Task goal:
Give the records below again in full, exactly as written, but without any images.

Data extracts:
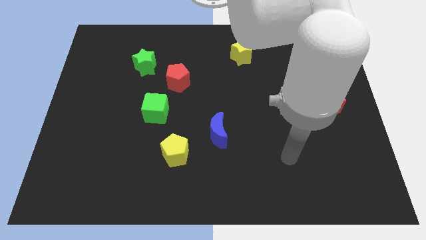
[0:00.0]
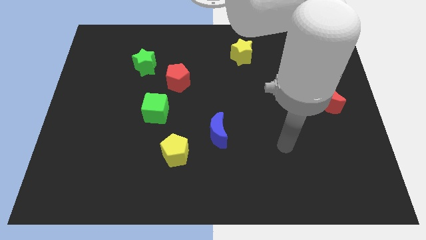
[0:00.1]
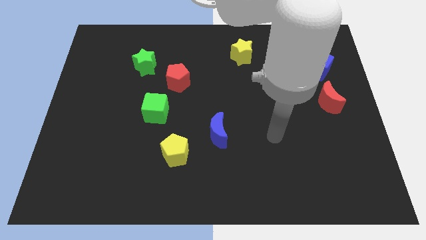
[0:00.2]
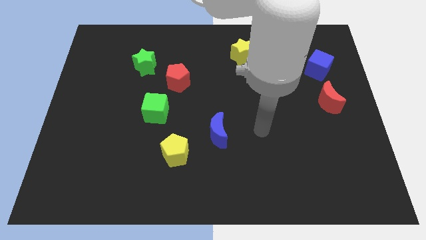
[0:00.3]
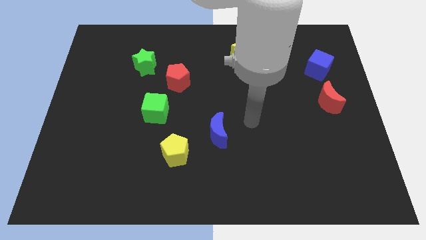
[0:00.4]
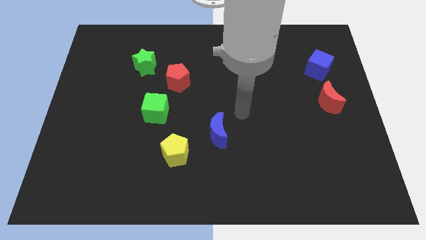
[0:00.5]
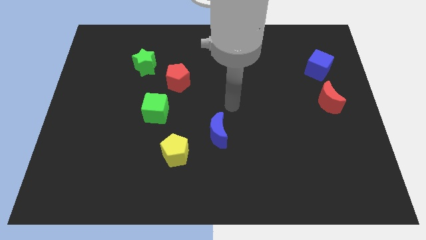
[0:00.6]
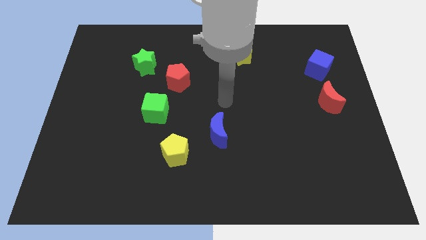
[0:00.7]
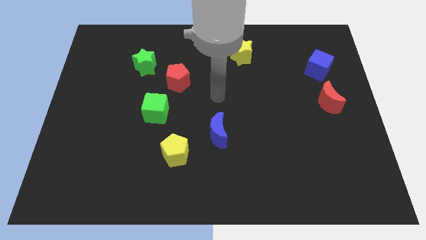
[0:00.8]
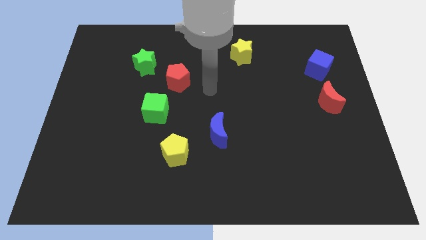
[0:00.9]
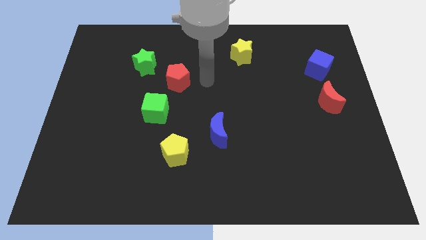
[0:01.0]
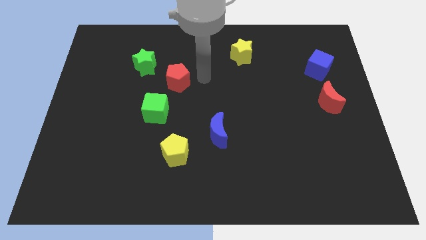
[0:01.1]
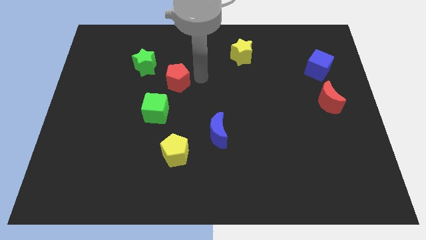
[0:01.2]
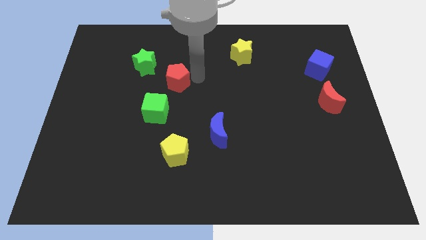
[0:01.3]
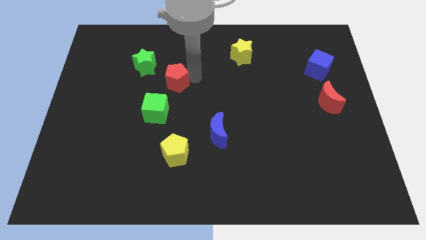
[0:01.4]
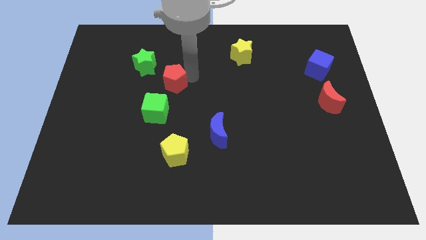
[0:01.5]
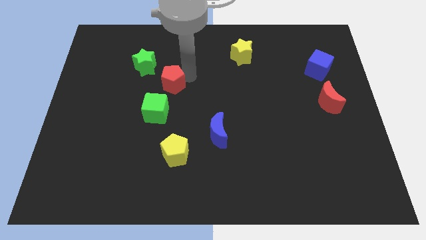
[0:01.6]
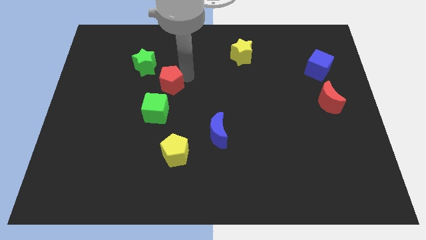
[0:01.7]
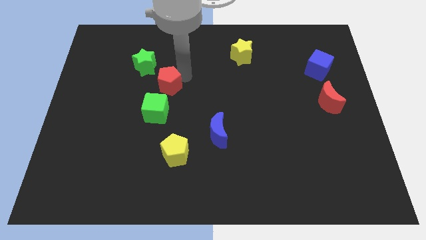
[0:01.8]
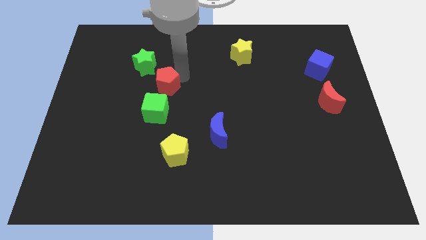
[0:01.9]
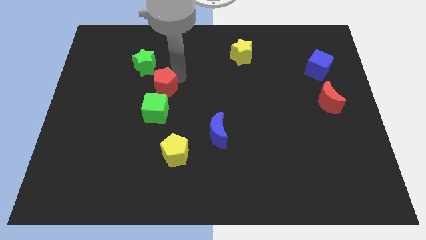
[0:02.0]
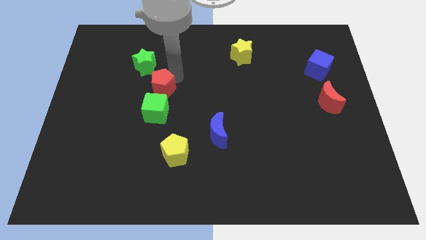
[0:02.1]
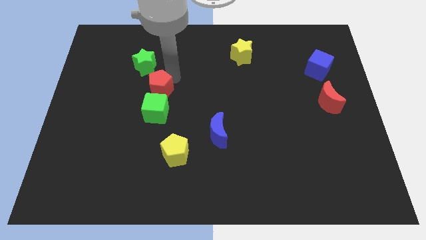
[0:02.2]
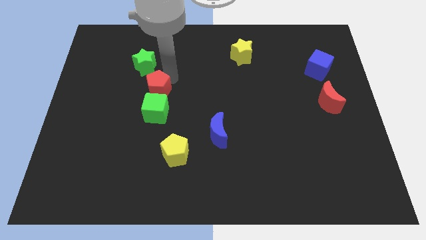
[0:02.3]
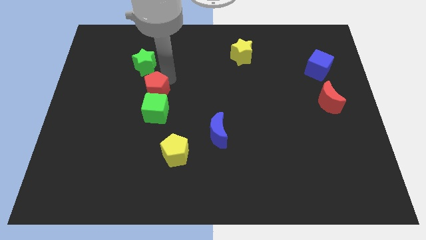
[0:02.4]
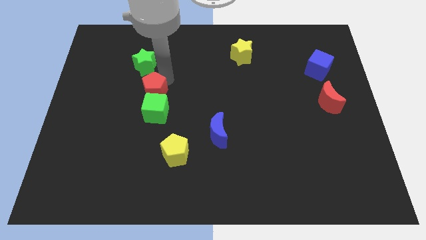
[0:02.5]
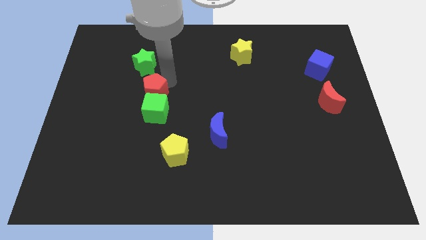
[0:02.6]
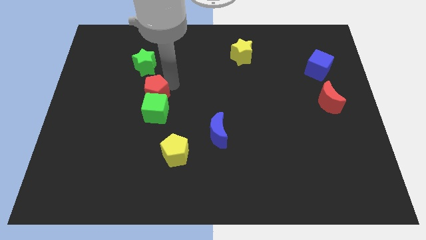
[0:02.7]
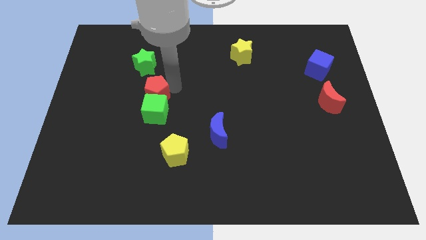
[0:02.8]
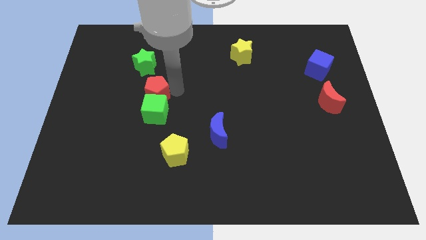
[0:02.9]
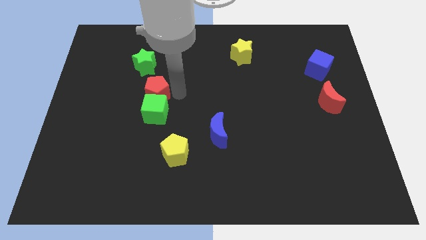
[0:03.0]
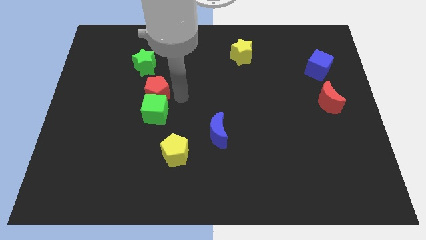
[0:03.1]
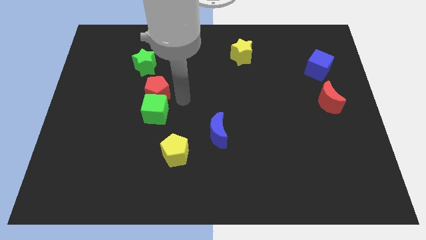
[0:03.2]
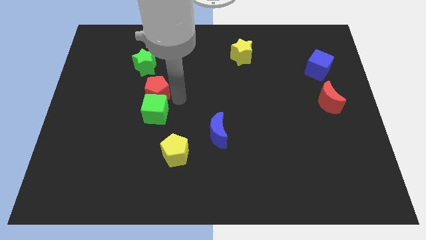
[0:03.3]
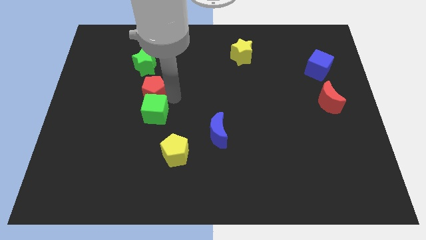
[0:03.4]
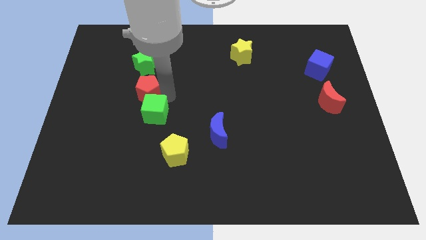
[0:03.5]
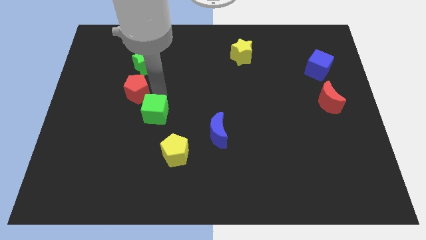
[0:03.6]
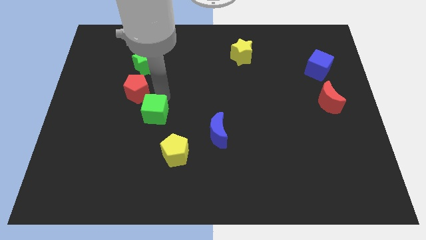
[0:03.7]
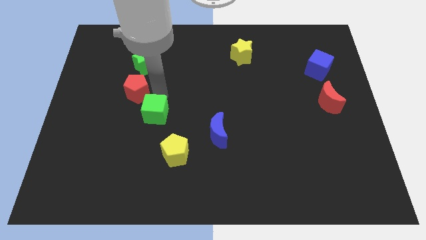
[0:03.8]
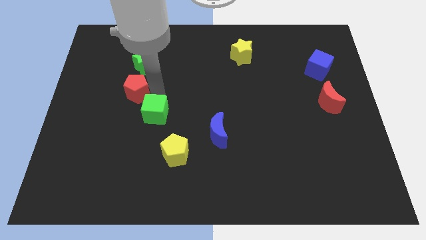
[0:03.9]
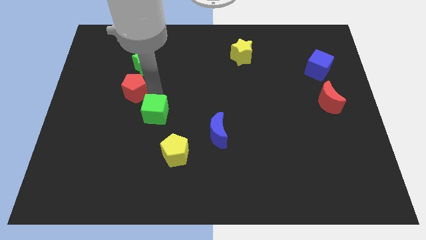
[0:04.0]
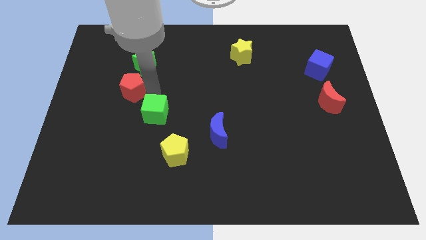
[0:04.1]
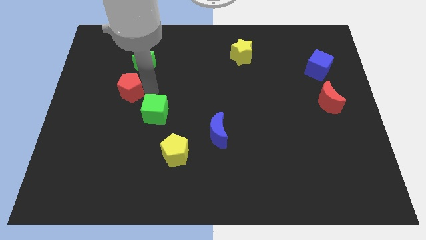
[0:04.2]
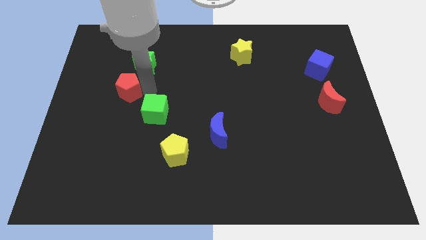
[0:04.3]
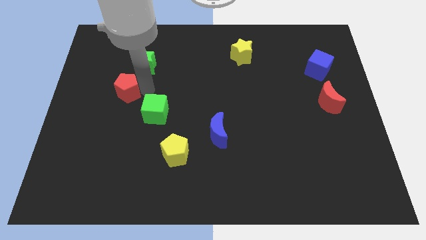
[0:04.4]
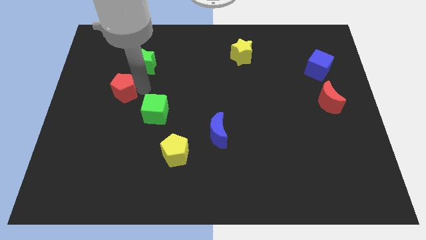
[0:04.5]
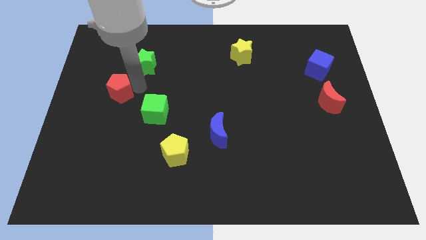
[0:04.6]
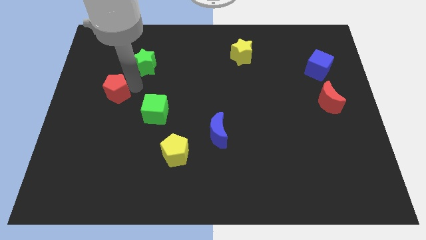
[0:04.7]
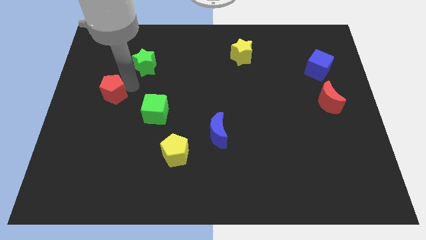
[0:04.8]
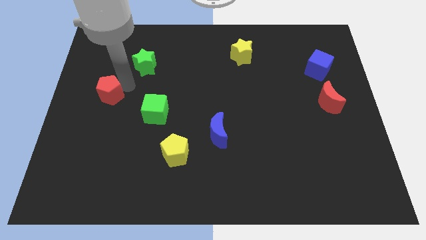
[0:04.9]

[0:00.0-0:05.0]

Answer section:
[0:00.0]
[0:00.1]
[0:00.2]
[0:00.3]
[0:00.4]
[0:00.5]
[0:00.6]
[0:00.7]
[0:00.8]
[0:00.9]
[0:01.0]
[0:01.1]
[0:01.2]
[0:01.3]
[0:01.4]
[0:01.5]
[0:01.6]
[0:01.7]
[0:01.8]
[0:01.9]
[0:02.0]
[0:02.1]
[0:02.2]
[0:02.3]
[0:02.4]
[0:02.5]
[0:02.6]
[0:02.7]
[0:02.8]
[0:02.9]
[0:03.0]
[0:03.1]
[0:03.2]
[0:03.3]
[0:03.4]
[0:03.5]
[0:03.6]
[0:03.7]
[0:03.8]
[0:03.9]
[0:04.0]
[0:04.1]
[0:04.2]
[0:04.3]
[0:04.4]
[0:04.5]
[0:04.6]
[0:04.7]
[0:04.8]
[0:04.9]

[0:00.0-0:05.0]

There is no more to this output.